短歌を作っていたときのもろもろの記録ですが、これは私が作るときにそう考えていたというだけであって、これが正しいというあれこれではないので、読んでくださった方が感じたことが正しいと思ってくれるとうれしいです。

◆1st Discovery
ひぐらしの真似も忘れた東京に名人来たりて快哉ならす
冒頭から、あまり言うことがありません。
ひぐらしだったのは、夏の終わりだったから、のつもりでした。

◆2nd Discovery
ここまでにたったひとつの歌もなく明日の昴が踊りに誘う
これもあまり言えることがありません。
シンプルに、失ったものを取り戻した希望らしい歌になってよかったと思っています。

◆3rd Discovery
まぼろしの母のまぶたは星になり 地球を止めるため穿つ穴
地球を止めるのは、動きが止まれば見える夜空が一定になり、ずっと同じ星を見ていられるから、のつもりでした。
けれども実際にそんなことはできない、というところまで歌らしくなっていたらいいなと思います。

◆4th Discovery
幾千の花も摘み取る野分雲 終点に積む万の花片
すごく良く考えて、天つ風 雲の通ひ路・・・の歌の遠縁ぽくて気に入っています。

◆5th Discovery
「ぼくは天使」と知らないときにも日々の食事は天使と食べた
気に入り歌トップクラスです。
タイゾーちゃん回ぽくできました。

◆6th Discovery
気になるも気にならないも水に溶け 焦がれたものだけ網目に詰まる
ド直球の真里野の歌! にできたと思っています。
水エリアと絡められてうれしいです。

◆7th Discovery
校庭のすみで見つけた抜け殻とBB弾を掴んで走る
BB弾はともかく、抜け殻は何の抜け殻であったとしても「掴んで走」ったらボロボロになってしまう、というつもりで作りました。
なんでもないからひとには話しにくいけど、でも個人的に思い出に残っているワンシーンのようなイメージでした。

◆8th Discovery
真夜中にひとりでに立つ霜柱 さみしいときはまっしろであれ
「ひとり」の印象が強い歌にできたと思います。

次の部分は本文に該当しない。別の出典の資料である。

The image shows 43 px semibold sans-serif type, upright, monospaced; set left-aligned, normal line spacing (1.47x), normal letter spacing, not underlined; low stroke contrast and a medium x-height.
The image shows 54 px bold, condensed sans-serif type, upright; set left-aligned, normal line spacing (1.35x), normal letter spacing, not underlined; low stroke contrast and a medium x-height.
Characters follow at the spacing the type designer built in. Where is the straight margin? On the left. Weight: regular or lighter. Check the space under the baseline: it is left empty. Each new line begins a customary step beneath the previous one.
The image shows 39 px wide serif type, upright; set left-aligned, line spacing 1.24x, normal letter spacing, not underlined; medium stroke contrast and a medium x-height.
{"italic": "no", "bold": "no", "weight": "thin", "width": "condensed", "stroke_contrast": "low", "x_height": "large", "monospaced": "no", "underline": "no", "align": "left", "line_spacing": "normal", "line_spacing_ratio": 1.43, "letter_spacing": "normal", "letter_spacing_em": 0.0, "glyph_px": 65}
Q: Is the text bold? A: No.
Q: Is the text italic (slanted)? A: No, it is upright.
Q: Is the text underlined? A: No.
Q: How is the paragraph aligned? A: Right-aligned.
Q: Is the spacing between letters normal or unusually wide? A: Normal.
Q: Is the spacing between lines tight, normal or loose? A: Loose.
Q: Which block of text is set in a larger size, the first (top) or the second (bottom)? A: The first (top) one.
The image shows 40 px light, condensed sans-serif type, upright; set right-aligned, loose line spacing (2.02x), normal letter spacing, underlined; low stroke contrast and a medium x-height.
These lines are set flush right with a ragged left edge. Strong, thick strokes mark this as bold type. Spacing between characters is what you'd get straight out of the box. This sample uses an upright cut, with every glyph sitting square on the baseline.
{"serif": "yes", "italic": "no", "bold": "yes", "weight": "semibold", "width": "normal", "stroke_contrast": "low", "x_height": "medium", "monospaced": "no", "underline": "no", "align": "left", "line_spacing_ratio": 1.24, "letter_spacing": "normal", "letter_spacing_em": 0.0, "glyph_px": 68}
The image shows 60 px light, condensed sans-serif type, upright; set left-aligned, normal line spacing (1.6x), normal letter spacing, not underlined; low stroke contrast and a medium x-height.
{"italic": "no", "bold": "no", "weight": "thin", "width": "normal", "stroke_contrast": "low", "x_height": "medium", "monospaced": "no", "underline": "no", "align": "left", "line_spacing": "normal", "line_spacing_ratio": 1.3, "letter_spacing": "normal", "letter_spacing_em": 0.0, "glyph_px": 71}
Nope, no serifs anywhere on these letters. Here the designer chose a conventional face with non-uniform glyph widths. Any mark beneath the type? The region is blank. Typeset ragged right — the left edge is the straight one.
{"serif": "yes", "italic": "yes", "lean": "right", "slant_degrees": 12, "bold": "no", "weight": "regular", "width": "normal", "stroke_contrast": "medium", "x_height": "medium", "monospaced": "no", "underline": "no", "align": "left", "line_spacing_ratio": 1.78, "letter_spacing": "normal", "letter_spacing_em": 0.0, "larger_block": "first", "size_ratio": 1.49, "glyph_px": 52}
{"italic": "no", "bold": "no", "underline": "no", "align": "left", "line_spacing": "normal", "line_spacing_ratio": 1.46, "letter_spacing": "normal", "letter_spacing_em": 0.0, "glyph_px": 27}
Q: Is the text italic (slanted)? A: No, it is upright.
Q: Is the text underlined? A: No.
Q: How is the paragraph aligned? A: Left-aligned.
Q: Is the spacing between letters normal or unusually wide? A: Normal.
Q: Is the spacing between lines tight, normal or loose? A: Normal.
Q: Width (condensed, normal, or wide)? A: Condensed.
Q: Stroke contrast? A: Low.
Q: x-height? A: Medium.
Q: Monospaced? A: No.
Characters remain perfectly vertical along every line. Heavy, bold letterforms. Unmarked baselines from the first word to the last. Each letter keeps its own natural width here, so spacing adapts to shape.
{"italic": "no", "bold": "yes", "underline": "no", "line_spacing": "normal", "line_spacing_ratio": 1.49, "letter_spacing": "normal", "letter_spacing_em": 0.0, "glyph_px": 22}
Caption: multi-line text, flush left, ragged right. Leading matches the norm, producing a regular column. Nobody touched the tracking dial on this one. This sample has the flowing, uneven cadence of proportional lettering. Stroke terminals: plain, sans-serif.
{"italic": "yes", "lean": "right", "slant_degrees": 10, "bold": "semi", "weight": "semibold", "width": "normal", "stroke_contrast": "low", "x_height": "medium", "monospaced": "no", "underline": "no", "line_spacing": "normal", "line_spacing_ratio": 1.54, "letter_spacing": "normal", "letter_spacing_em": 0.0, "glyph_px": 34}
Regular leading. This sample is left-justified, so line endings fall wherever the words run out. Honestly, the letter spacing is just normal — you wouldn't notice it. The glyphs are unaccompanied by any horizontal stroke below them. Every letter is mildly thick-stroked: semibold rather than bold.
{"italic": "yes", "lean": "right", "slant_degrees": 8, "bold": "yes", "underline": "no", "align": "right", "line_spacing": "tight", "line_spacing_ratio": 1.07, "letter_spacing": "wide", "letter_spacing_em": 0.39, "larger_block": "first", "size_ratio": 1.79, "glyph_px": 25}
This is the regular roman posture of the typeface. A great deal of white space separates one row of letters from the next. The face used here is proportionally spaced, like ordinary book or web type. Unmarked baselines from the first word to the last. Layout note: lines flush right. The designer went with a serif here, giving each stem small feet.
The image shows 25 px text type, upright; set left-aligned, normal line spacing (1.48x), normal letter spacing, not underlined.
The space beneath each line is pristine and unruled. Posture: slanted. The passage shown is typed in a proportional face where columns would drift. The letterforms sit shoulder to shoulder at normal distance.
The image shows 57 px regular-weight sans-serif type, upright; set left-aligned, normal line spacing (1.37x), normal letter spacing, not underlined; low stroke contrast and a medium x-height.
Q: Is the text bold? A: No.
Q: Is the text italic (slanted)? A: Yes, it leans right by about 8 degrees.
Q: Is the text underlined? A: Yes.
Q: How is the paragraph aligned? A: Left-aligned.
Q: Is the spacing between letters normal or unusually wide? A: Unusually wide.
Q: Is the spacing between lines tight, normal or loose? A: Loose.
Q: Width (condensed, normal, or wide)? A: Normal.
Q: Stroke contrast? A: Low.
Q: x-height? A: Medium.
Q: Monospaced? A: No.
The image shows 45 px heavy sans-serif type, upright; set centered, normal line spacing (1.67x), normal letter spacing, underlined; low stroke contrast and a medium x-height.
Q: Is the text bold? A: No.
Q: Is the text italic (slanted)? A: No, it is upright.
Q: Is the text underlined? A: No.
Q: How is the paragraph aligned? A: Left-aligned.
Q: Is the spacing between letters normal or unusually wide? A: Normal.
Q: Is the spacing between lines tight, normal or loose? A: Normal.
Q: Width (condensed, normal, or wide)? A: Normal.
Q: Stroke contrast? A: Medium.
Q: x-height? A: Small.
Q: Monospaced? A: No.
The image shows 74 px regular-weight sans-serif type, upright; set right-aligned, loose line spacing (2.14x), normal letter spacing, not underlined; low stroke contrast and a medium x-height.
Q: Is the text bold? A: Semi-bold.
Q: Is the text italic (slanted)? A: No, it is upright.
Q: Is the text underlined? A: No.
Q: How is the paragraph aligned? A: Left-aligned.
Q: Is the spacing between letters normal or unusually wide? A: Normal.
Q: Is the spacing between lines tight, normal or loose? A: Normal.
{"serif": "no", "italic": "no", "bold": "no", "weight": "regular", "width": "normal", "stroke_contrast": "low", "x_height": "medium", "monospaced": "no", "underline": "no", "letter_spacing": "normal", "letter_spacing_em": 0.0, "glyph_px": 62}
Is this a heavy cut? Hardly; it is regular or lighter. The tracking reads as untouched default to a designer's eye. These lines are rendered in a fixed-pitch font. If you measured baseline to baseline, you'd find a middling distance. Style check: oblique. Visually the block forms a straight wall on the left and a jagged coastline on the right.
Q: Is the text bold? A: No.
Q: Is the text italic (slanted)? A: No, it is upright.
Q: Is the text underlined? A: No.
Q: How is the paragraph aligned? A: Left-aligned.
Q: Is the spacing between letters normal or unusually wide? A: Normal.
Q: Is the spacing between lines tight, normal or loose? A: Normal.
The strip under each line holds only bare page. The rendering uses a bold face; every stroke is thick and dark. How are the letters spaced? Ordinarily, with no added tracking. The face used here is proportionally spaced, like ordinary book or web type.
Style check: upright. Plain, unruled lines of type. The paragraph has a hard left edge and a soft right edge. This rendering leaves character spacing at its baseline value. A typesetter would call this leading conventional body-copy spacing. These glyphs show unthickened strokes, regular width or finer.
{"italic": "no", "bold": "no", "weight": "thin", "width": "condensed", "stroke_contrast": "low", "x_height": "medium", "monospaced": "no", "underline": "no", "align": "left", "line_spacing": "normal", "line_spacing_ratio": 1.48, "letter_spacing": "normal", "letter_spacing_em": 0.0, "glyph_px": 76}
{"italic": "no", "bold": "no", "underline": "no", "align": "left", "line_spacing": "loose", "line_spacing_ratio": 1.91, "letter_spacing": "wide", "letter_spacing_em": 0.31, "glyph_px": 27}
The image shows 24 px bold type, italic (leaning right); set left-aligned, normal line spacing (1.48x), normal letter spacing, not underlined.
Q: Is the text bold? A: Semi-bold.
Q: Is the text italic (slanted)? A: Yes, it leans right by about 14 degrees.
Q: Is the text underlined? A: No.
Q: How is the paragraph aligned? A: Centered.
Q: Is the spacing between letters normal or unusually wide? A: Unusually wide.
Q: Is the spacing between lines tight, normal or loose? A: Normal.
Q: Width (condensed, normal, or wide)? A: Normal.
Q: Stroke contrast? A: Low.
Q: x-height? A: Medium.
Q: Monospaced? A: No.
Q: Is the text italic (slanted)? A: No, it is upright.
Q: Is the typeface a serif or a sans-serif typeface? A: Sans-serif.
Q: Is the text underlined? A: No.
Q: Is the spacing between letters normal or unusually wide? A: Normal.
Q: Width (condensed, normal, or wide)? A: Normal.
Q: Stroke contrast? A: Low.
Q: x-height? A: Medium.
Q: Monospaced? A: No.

気に入っています。

◆9th Discovery
ライオンもブリキもカカシもルビーの靴も何もなくてもうちに帰れる?
オズの魔法使いを前提にしています。
ブリキは「ブリキのきこり」だったのであって「ブリキ」ではないのではないか・・・と後から気づきましたが、引っかからずに伝わりはすると思うのでOKとさせてください。

◆10th Discovery
まどろみのおまえに布団をかけるとき隣の世界の息吹が止まる
「まどろみのおまえ」は神鳳妹のつもりでした(なので「布団をかける」の世話のようなイメージがつく)。
ですが、このジャンルとして思うと「まどろみ」とすると導かれるのは皆守になるので、そこが反省点です。

◆11th Discovery
暁に凍る池でもいくたびの夜を越したら蛙も笑う
シンプルに11thぽくできたと思っています。
ファントムの要素は2022にいれられたので、今年は本人フォーカスとできてよかったです。

◆12th Discovery
両方の手に組んでいたつむぎ糸 代われないなら奪ってあげる
「つむぎ糸」は二重らせんということで(?)DNA比喩のつもりでしたが、ちょっときざっぽすぎるかもしれないです。

◆Last Discovery
美しい命美しい命美しい命真っ平らの地

巷でのこのごろ流行りの問答歌 なんでと問えばなんでと答える

追放の理由は光っていないから煤をまとって炉端の炭は白く

されど君、ここにあるのが明日なり ここ ここを見て ここに 確かに

オリオンの三つの星には見えていた この先は快速列車は停まらない駅

明日はきっと大いなる意思が未来を決める 君の背中に星が浮いてる

皆守の歌です。
「オリオンの~」は、エピローグの葉佩との別れの示唆のつもりでした。
皆守はこれから各駅停車でひとつひとつ拾い直して進んでいくことになるけれど、葉佩は快速列車、を意識していました。
ですが、いつか同じ駅に止まります。

「明日はきっと~」は、人間離れした「大いなる意思」が運命を決めるように「未来を決める」かもしれないけれど、
「君の背中」には「星」があり、じゅうぶんに「未来を決める」大いなるものになっていける、というつもりで作りましたが、
31文字では伝えるのに不備があったかもしれません。


お付き合いいただいてありがとうございました。今年も三ヶ月ずっと短歌で併走できてうれしかったです。